It’s pretty easy to understand, but a bit ugly with the
spacer image. But if it can save time it’s worth a try I thought. In our
Locatus project we have a toolbar with about 30 images, so I thought it was a
good idea to concatenate those images for the test.

With FireBug you can sort of measure loading performance of
a website. Click on the net tab of FieBug and enable the All button. When we
load 30 images it looks like this:

Image Concatenation to limit http requests is it a solution? imageconcatenationicon2

I obfuscated the server address because I’m testing on an
external machine (because local testing isn’t very realistic). It’s not a fast
server with only a 1mbit upstream connection. What we can see is that there are five
concurrent connections.  To load the page
takes about 600ms (I tried it a few times and it always was around that number)
Let’s try an example with image concatenation:

Image Concatenation to limit http requests is it a solution? imageconcatenationicon1

 

On my local machine it was faster, but on an external machine
it’s slower! That I didn’t expect. When we analyze the chart we can see the
image starts loading after the CSS is finished (I tried this several times, so
it’s no coincidence)

Let’s also not forget Internet Explorer 6 (I’m still working
with 6 because a lot of customers still use this version). It’s hard to measure
performance, but I tried it with Webscarab, an http analyzer. This gave a very
interesting result:

 

Image Concatenation to limit http requests is it a solution? imageconcatenationie

I know IE6 is very very old, but caching existed in those
days and why on earth do you want to load the same image 30 times!

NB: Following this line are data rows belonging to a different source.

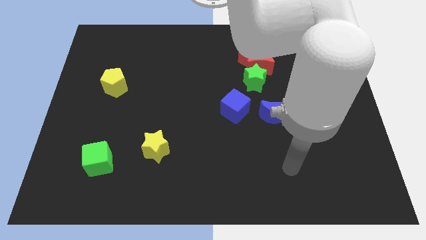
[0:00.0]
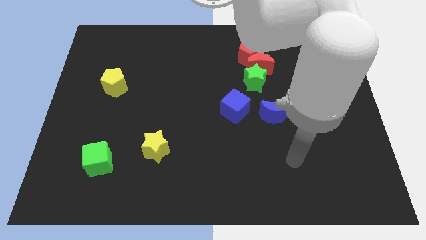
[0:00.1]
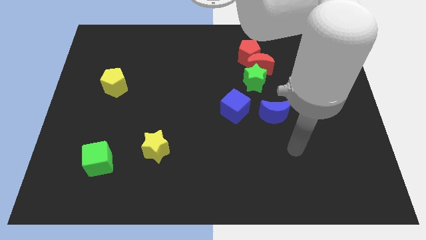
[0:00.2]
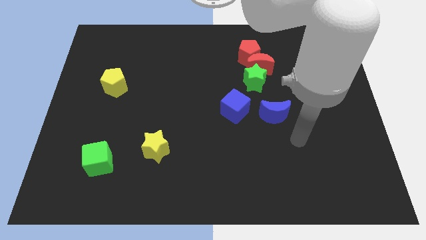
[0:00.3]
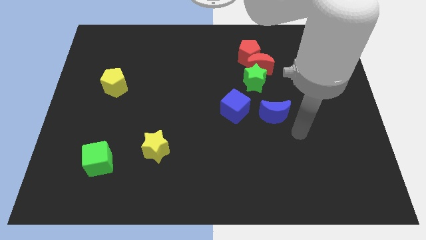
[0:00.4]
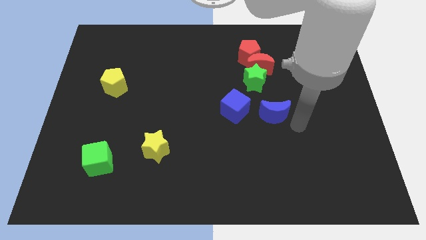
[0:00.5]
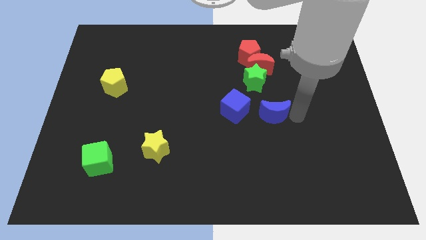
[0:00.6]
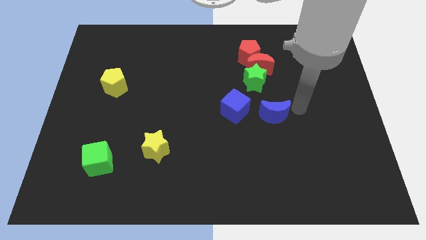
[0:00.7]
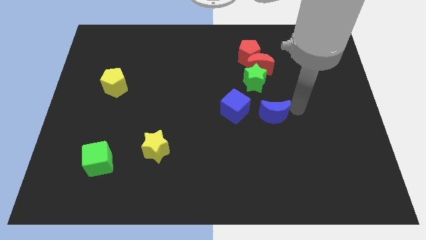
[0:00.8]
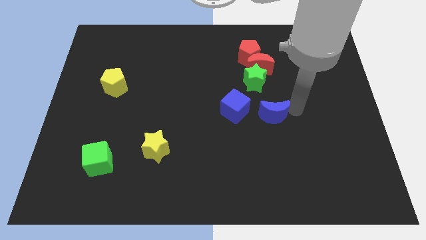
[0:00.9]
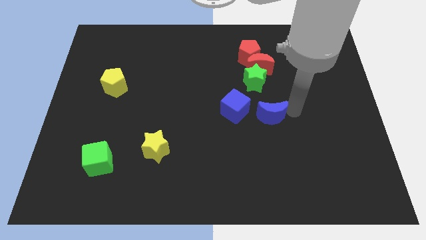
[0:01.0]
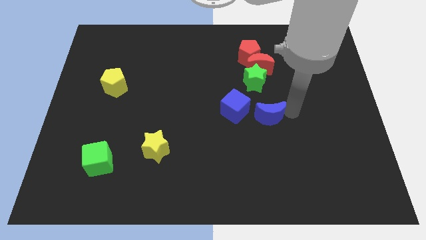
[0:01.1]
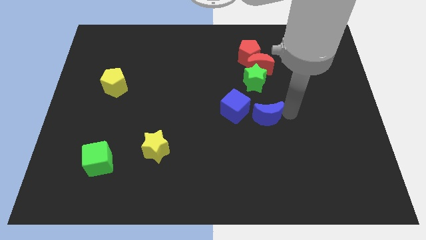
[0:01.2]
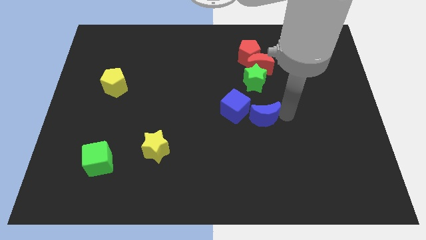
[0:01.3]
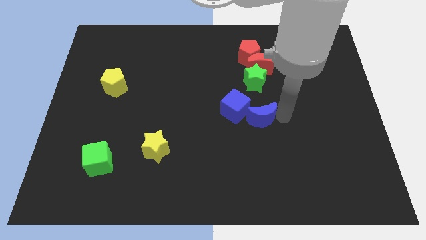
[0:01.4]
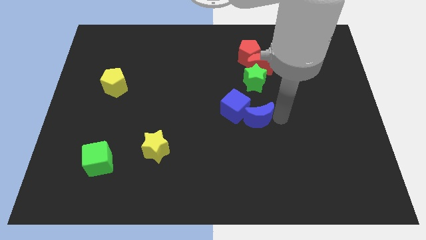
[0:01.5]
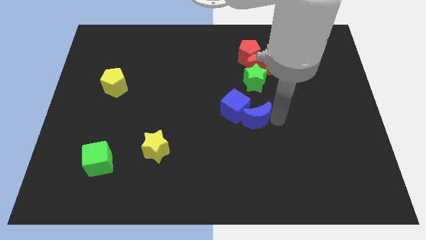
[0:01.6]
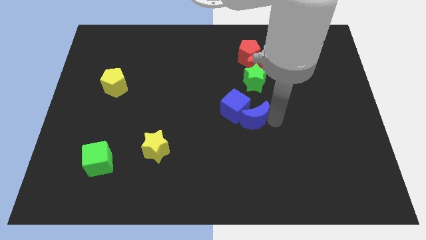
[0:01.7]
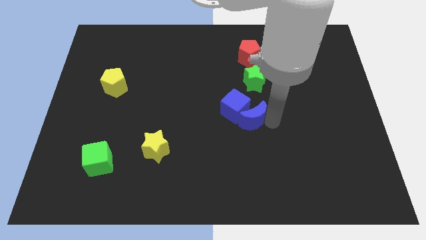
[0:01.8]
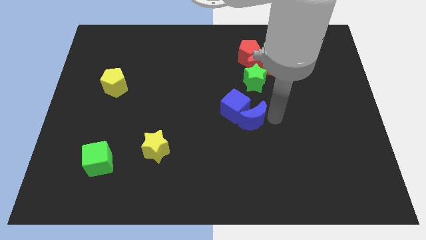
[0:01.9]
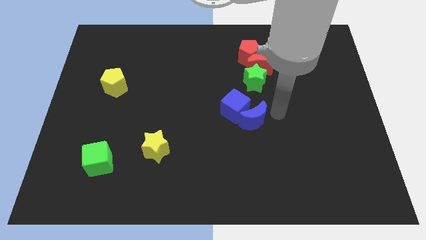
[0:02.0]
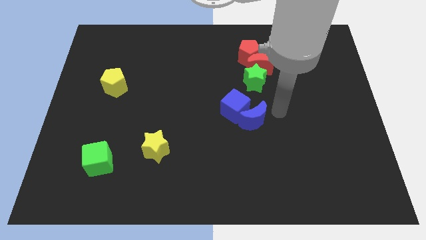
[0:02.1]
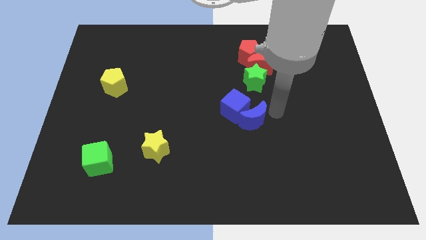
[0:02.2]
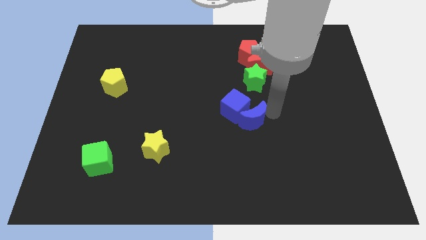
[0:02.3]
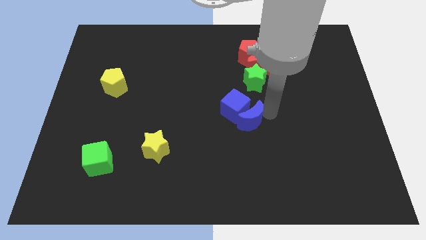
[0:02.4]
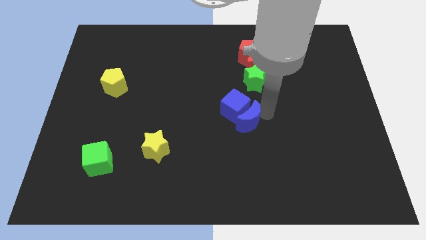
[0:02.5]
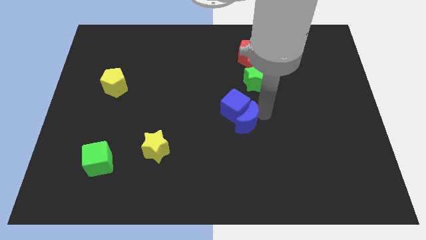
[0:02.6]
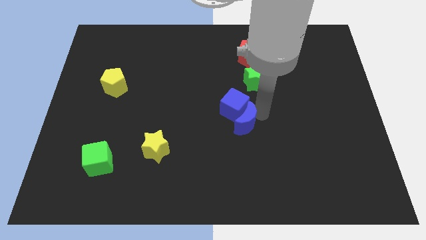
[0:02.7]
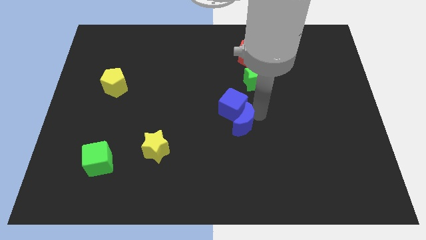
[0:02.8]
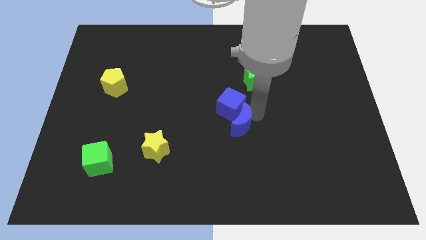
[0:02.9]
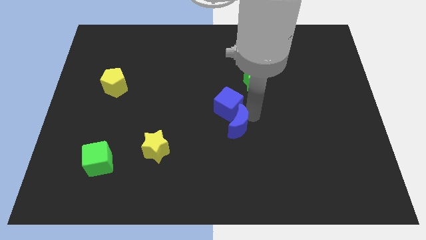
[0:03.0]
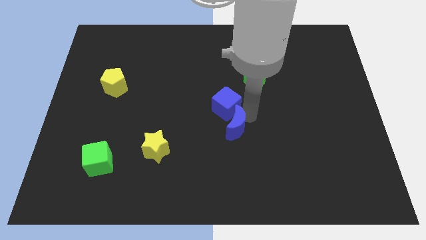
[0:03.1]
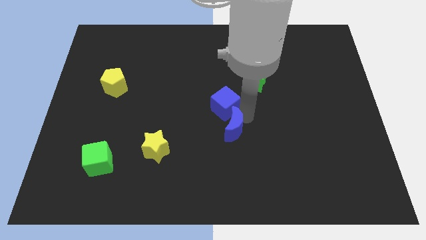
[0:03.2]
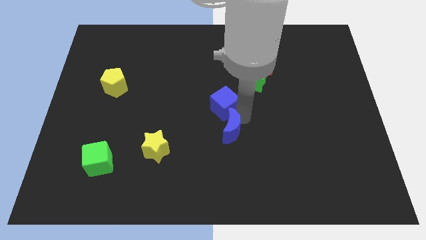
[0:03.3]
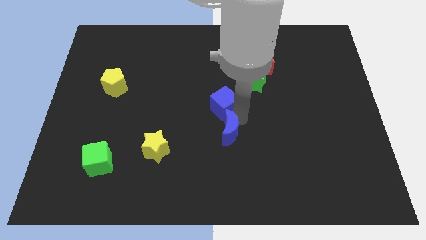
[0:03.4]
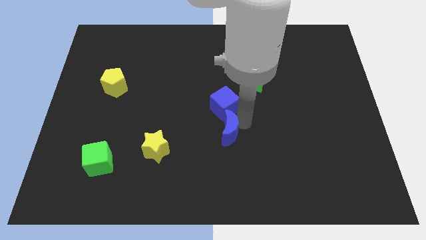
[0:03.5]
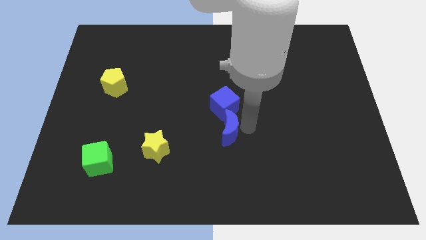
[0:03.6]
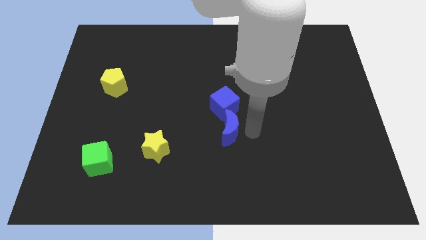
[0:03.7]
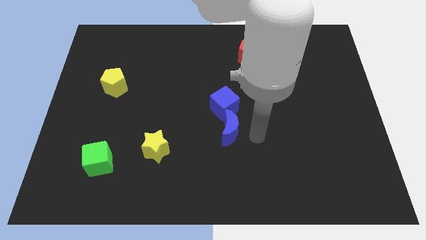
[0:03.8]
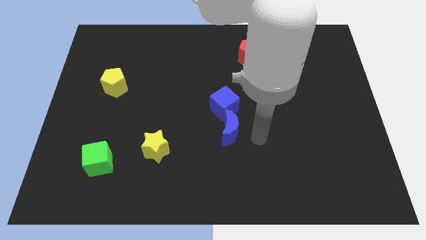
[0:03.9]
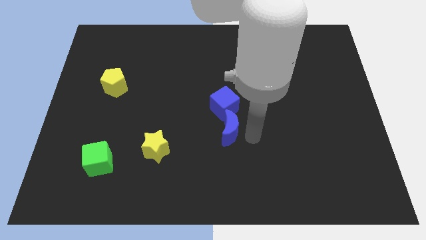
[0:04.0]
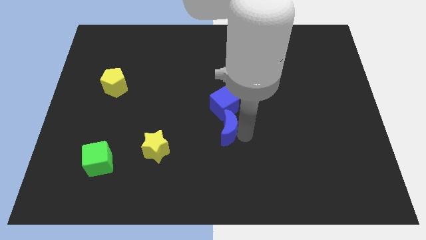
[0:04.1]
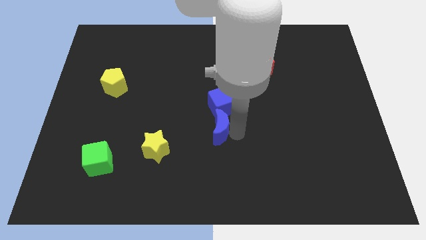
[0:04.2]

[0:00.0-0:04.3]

Okay, I have a solution for this (I just read in a book that
you have to provide a solution when you’re complaining, so here it is).

It’s another dirty trick, pre-load the image. Pre-loading
the image also solves our ‘problem’ with FireFox.

 

Image Concatenation to limit http requests is it a solution? imageconcatenationicon3

 

As we can see the page now loads a bit faster. I don’t think
all these dirty tricks are worth a few ms of load time improvement.

The tricks in a list:

  • images
    on the background are unusual
  • spacer
    images are bad
  • large
    css files with image dimensions are prone to error
  • pre-loading
    images is bad
  • image
    url’s belong in html, not in css

 

Okay, it’s a bit faster, but sometimes you have to do too
much to get a little performance gain..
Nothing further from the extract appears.